Going in the other direction at club level was Seán Stack, a member of the great Clare team of the 1970s, in the celebrated half-back line with Ger Loughnane and Seán Hehir. Stack led Limerick’s Na Piarsaigh to their first Munster title in 2011 and laid the groundwork for the club’s All-Ireland success – Limerick’s first – in 2016.

A year previously that distinction nearly went to Ger “Sparrow” O’Loughlin, Clare manager earlier this decade, and twice an All-Ireland medallist with Loughnane’s team in 1995 and 1997. Having managed Adare to three-in-a-row Limerick titles in 2007-09, O’Loughlin took Kilmallock to a county and provincial title and an appearance against Ballyhale in the All-Ireland final.

Hurlers mingle at school and third-level – both Limerick IT and UL have Clare head coaches in David Fitzgerald and Brian Lohan – and know each other well.

Stack says that the rivalry between the counties can be claustrophobic.

“My opinion is playing Limerick – we’re so neighbourly because we’re right in the middle of the industrial Midwest and Shannon airport has a huge bearing on that – carries so much rivalry that there’s an actual fear of getting beaten by the other. You’ve to live with them for 12 months. It’s the same this year.

“The team that comes out gets a huge boost and the team that doesn’t is on a real downer. It can have a negative effect on performance because you’re watching things and playing with a bit of inhibition. Look at Cork the other day [against Tipperary]: they had nothing to lose and played out of their skin. Now the fear of defeat against Waterford will come into it so we probably won’t have that performance again.

“That’s the way it probably will be at the weekend but it will be an intense battle.”

Ultra-competitiveness O’Loughlin agrees but sees the ultra-competitiveness of recent decades as simply evidence that overall, both counties play to a similar level.

“It’s a good rivalry,” he says.
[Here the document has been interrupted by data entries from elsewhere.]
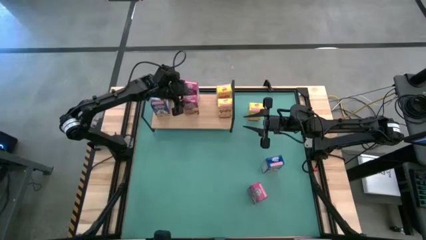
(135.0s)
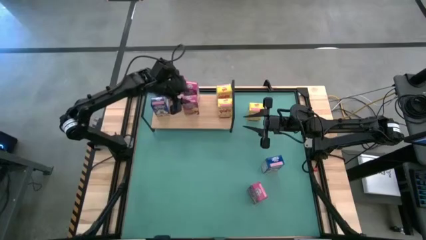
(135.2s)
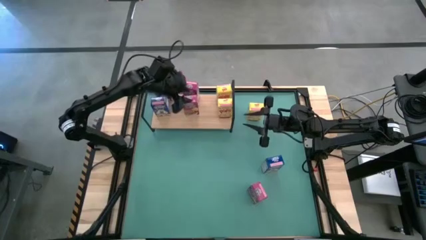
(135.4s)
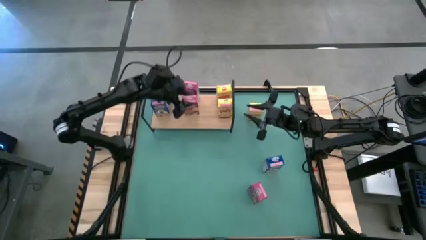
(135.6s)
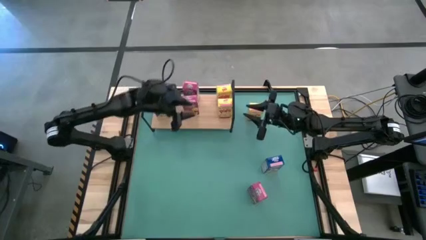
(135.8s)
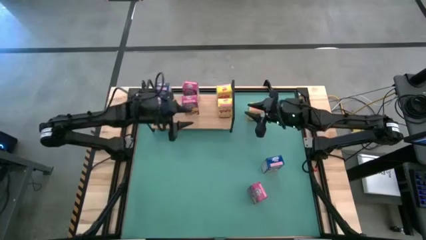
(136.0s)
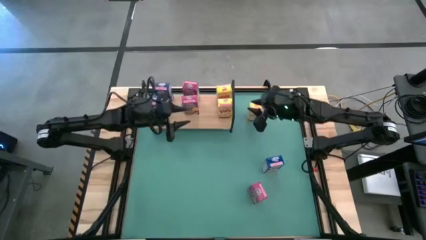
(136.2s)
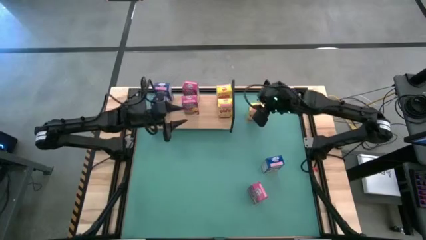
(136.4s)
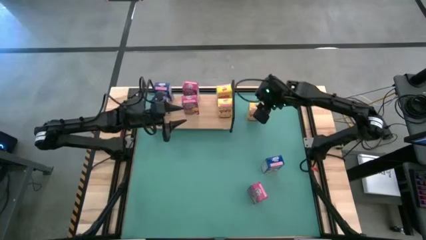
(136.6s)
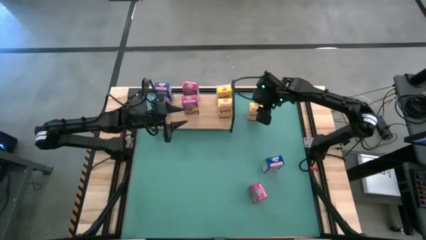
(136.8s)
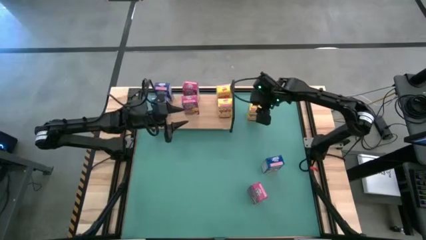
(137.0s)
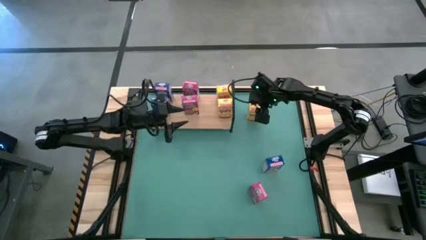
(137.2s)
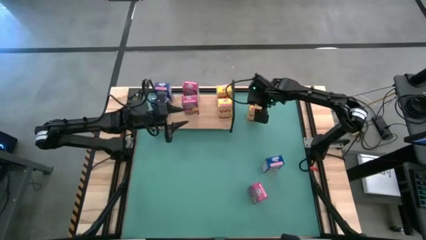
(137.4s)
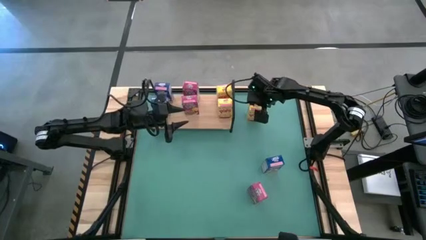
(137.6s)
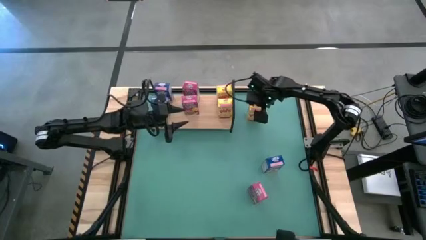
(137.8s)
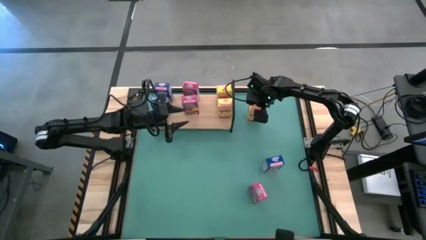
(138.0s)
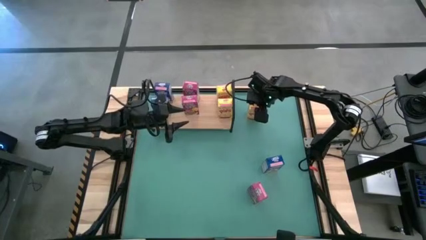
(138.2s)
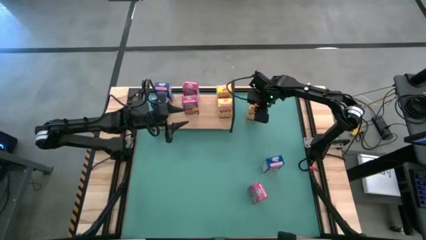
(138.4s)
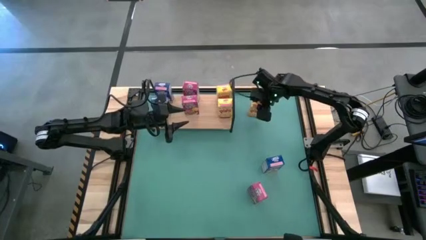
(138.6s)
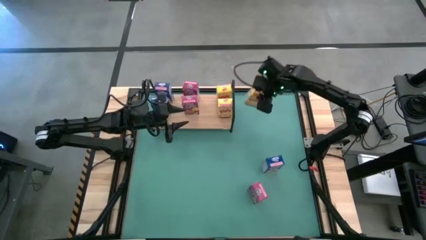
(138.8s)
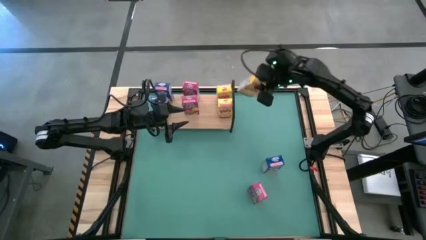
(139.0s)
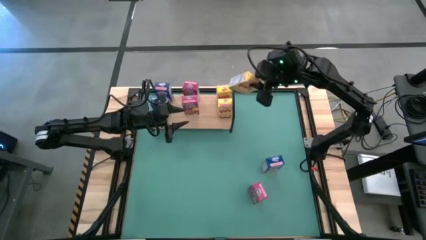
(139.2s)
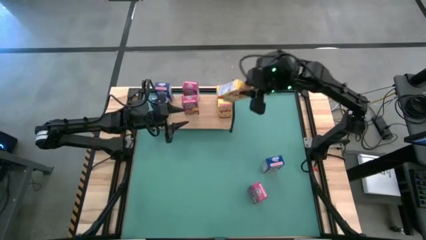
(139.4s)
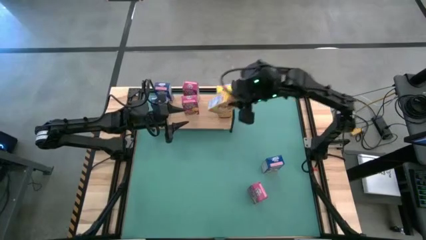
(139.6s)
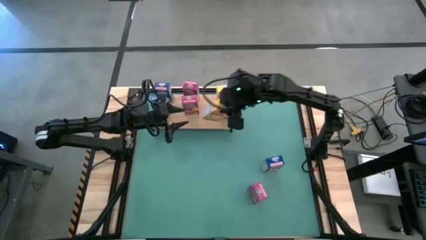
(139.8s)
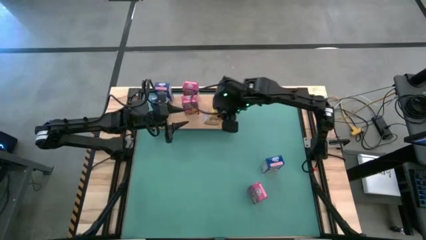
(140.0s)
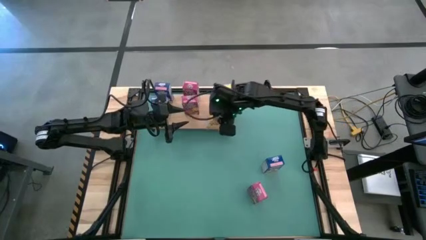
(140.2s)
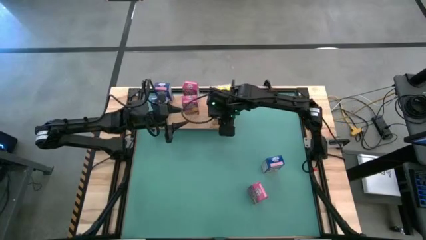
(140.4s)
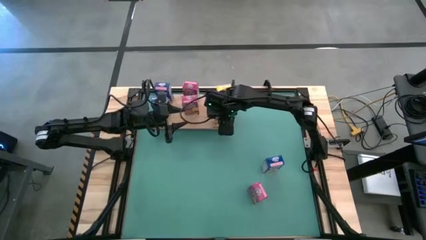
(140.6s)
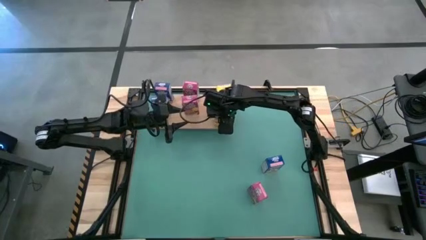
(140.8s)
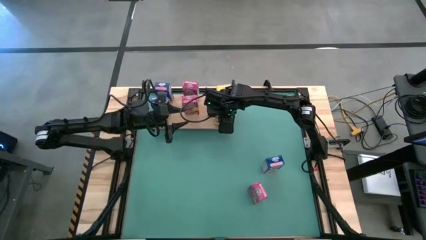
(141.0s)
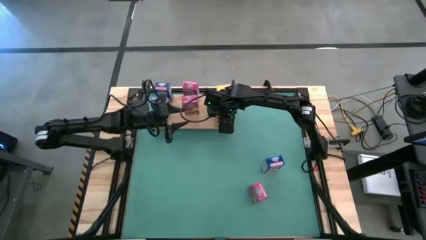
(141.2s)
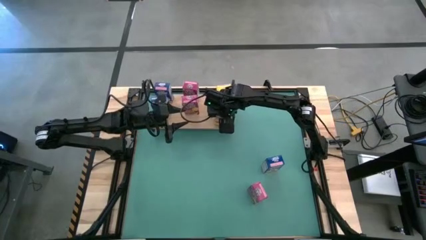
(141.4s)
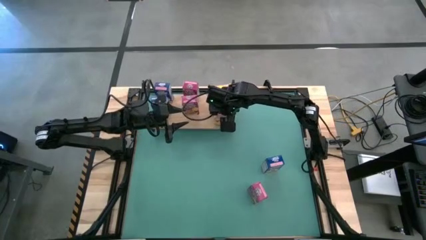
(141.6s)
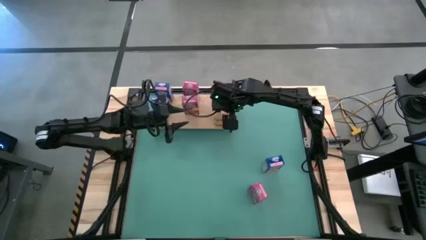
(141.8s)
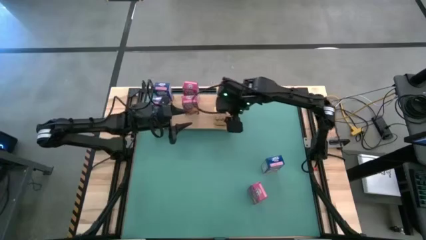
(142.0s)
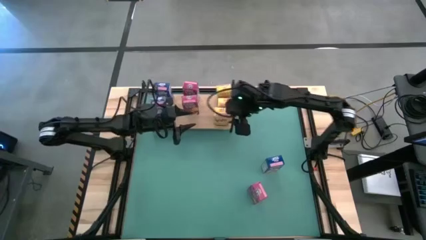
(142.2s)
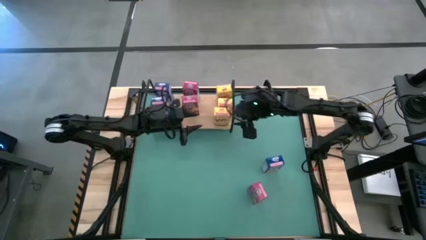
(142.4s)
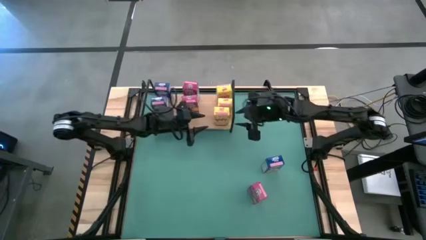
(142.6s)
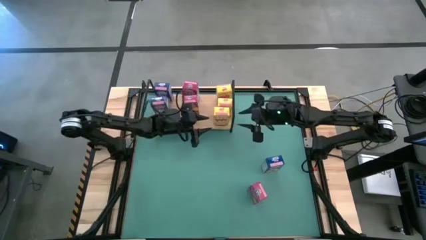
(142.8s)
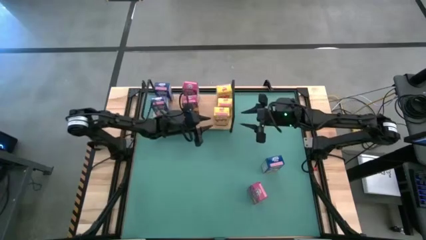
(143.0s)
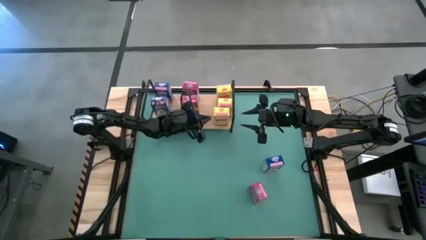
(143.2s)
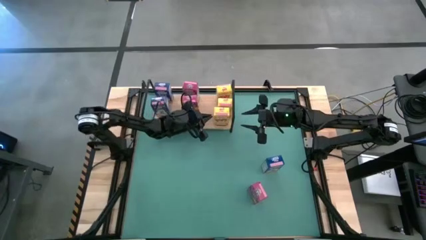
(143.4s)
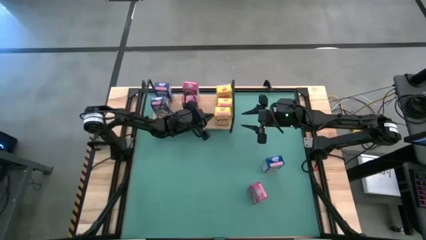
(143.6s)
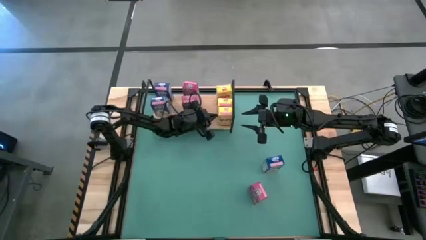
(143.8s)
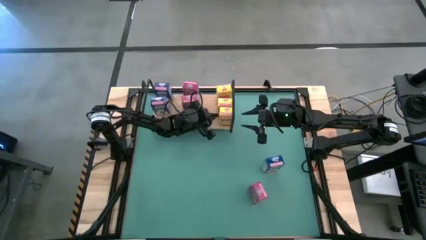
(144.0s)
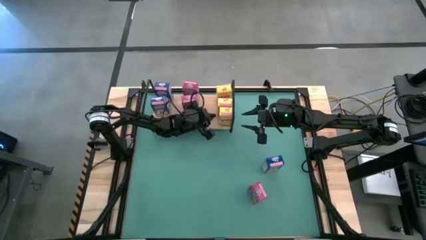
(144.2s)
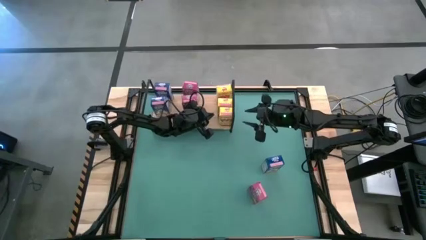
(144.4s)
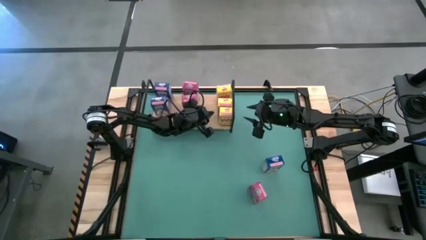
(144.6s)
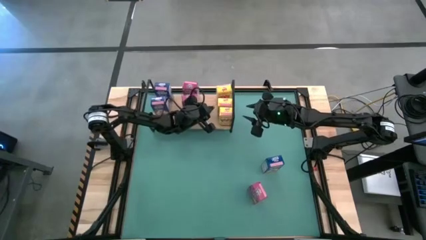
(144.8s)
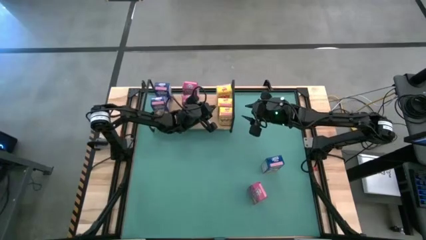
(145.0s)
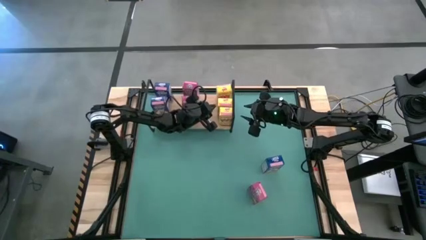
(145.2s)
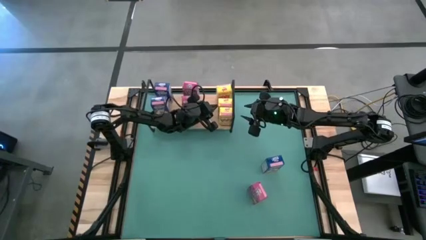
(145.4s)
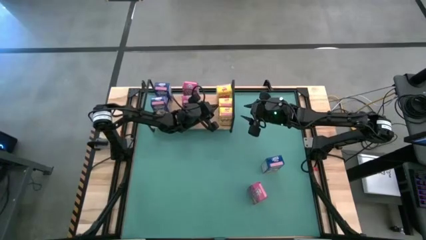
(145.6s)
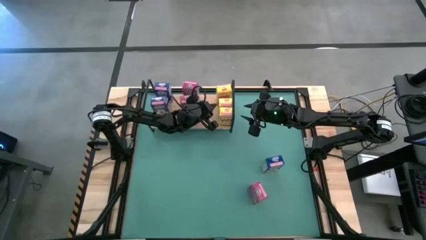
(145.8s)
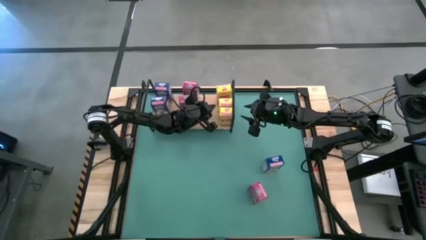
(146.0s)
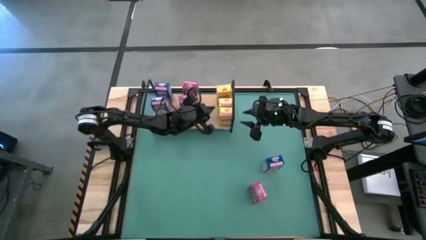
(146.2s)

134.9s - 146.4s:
Task: Stack cereal on shelf
Put the yellow cereal box on the shelf

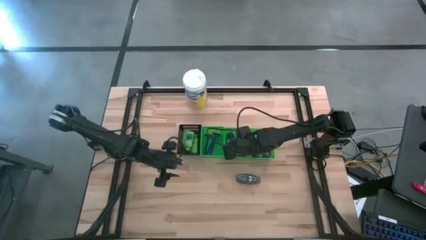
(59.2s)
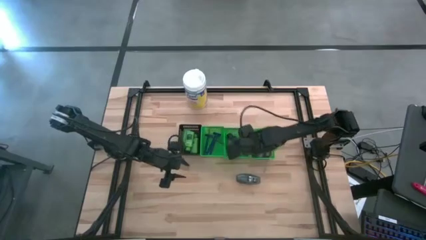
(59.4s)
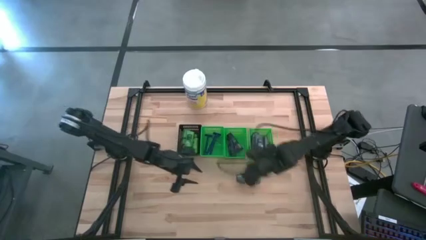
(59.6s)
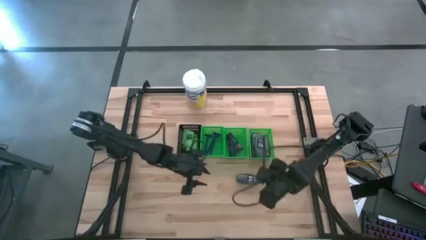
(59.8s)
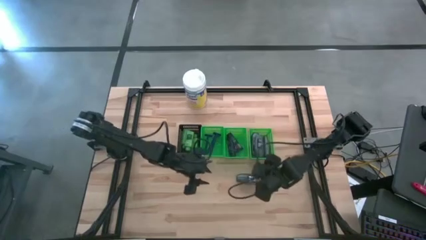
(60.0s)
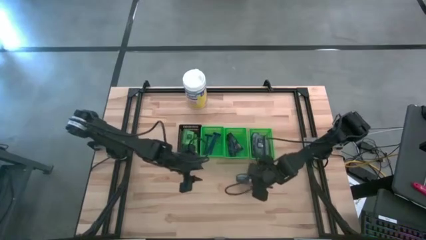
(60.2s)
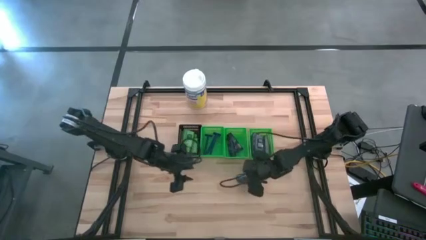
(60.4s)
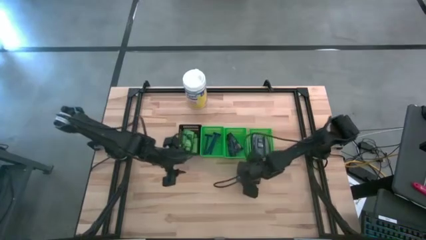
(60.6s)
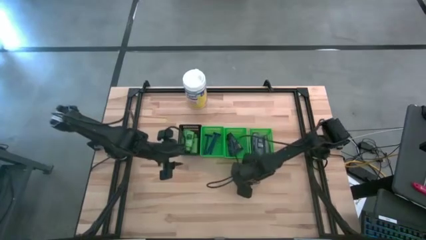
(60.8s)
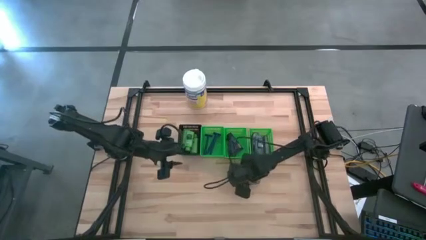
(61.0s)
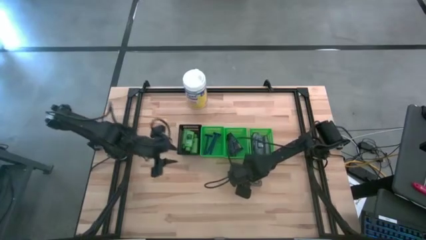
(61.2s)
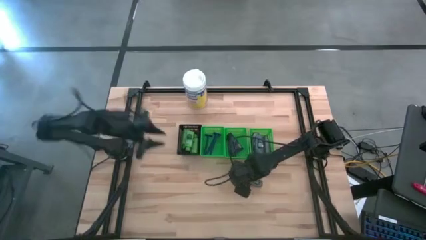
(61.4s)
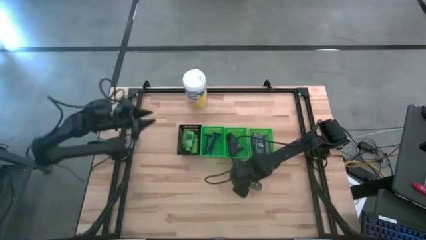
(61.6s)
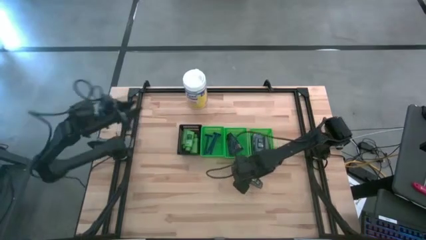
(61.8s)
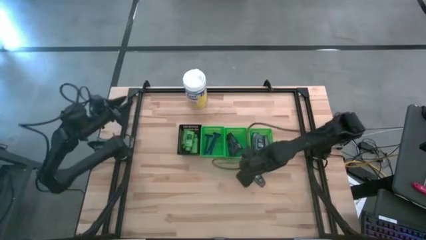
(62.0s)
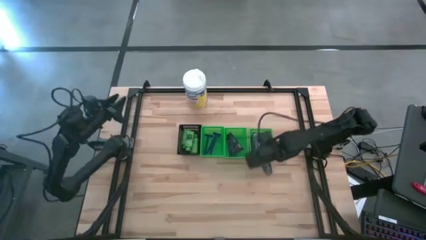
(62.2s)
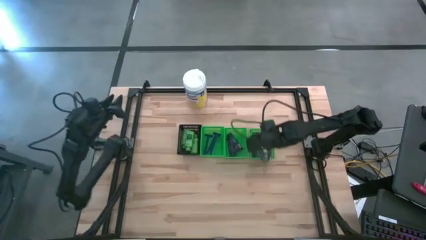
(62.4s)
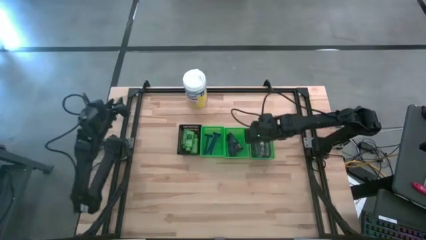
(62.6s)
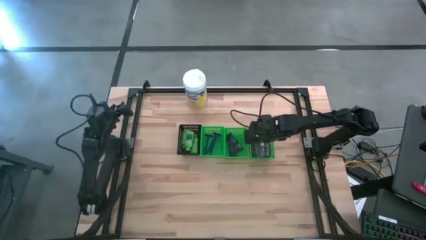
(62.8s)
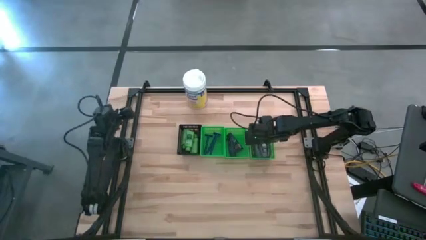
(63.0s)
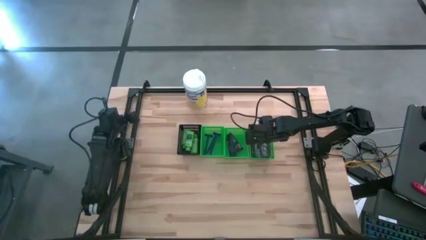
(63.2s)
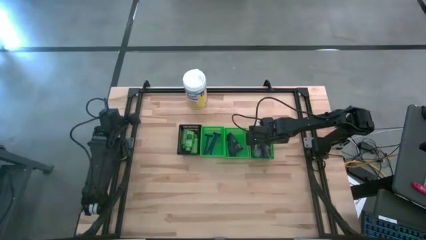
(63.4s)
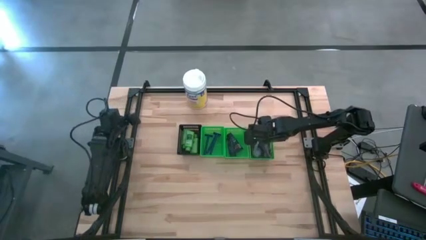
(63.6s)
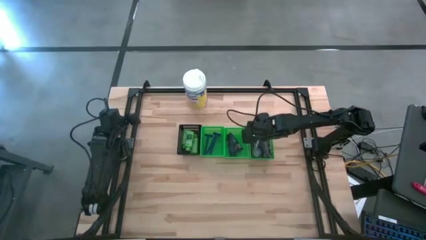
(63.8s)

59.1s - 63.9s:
Task: Pick & Place Travel size toiletries
Put the deodorant into the right green bin

So many Limerick people work in Clare and vice versa that championship fever takes on a life of its own in the week or two before these games.

“There’s very little between the counties and after each championship match if they played each other the following weekend, the result could change. The type of hurling in the two counties is very similar – apart from Clare the last couple of years with Davy Fitz – but if it comes back to something like an ordinary game you’ll probably find backs trying to dominate and that’s an area we need to improve in Clare.”

On a personal level he remembers two past encounters. In 1993 when Clare were outsiders, Sparrow took flight.

Coming on as an injury replacement in the fourth minutes for Alan Neville he scored 1-5 from play. He believes the match had broader significance.

“If you go through the mid-1990s we contested four All-Ireland finals and Limerick were unlucky not to win one. In 1993 we kind of came out of the pack and when they came to Ennis we had a very good day and got plenty of goals. That kind of got us off the mark and indicated for the first time that there was some potential there.”

They were well beaten in the Munster final by Tipperary but the following year Loughnane got involved as a selector with Len Gaynor and the countdown to an All-Ireland had begun.

Extraordinary occasion In the last year of the sudden death hurling championship, Clare lost their All-Ireland at the first hurdle in a still-remembered match on a blazing Bloomsday 1996 in the Gaelic Grounds, as Limerick burned off a three-point deficit in a few minutes at the end, culminating in Ciarán Carey’s celebrated winning point. O’Loughlin says that he can now appreciate having been part of an extraordinary occasion rather than try to forget the day an All-Ireland was lost.

“No. You appreciate it a lot more when you look back on it. On the day though it was one we probably gave to Limerick. You can’t say we deserved it – you get what you deserve – but we played better hurling I think on the day and should have put them away. If anything we, both players and management, took our foot off the pedal.

“We fed off each other because when we won the All-Ireland in 1995, they came back at us that year and probably should have won it themselves.”

This year neither of them features in the top four on All-Ireland betting lists but already this year’s championship has lurched and June has just begun.